• [Description of the task]: Of the material below, only the lines from the line containing "Q: Is the text underlined? A: No." down to the line containing "The image shows" belong in the answer, written out exactly.

======== Data excerpts

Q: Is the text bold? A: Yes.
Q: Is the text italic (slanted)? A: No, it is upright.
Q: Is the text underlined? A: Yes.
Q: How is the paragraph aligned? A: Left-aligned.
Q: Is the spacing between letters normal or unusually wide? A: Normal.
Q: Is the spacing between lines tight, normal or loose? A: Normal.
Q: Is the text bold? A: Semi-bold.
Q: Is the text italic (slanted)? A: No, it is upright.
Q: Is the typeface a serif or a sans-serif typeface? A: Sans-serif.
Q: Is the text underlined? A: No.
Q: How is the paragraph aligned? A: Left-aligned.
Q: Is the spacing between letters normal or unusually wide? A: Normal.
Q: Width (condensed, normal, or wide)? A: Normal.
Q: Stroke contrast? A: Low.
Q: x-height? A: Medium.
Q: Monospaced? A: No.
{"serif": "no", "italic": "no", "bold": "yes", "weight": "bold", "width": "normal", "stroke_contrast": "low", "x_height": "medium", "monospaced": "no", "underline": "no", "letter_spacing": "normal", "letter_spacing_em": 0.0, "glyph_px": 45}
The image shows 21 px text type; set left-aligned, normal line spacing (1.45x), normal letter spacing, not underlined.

================
======== Data excerpts

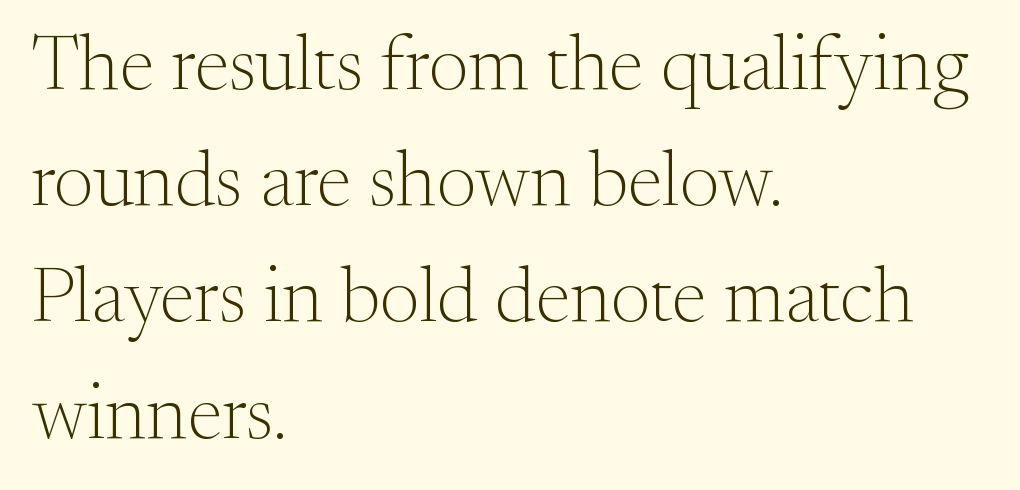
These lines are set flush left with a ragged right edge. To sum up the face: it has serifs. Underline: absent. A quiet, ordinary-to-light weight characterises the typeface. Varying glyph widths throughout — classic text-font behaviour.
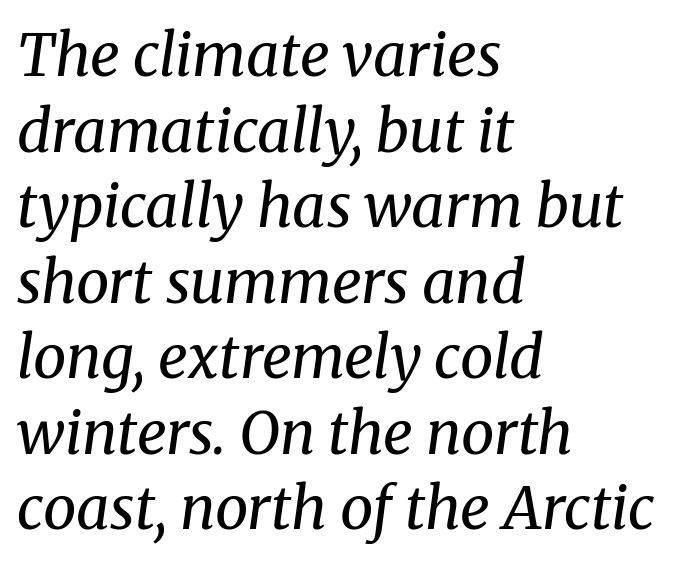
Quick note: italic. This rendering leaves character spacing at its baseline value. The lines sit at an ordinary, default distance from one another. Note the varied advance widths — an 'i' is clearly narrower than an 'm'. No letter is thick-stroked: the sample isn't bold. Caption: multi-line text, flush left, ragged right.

================

• [Exercise answer]:
Q: Is the text underlined? A: No.
Q: How is the paragraph aligned? A: Left-aligned.
Q: Is the spacing between letters normal or unusually wide? A: Normal.
Q: Width (condensed, normal, or wide)? A: Normal.
Q: Stroke contrast? A: Low.
Q: x-height? A: Medium.
Q: Monospaced? A: No.
{"serif": "no", "italic": "no", "bold": "yes", "weight": "bold", "width": "normal", "stroke_contrast": "low", "x_height": "medium", "monospaced": "no", "underline": "no", "letter_spacing": "normal", "letter_spacing_em": 0.0, "glyph_px": 45}
The image shows 21 px text type; set left-aligned, normal line spacing (1.45x), normal letter spacing, not underlined.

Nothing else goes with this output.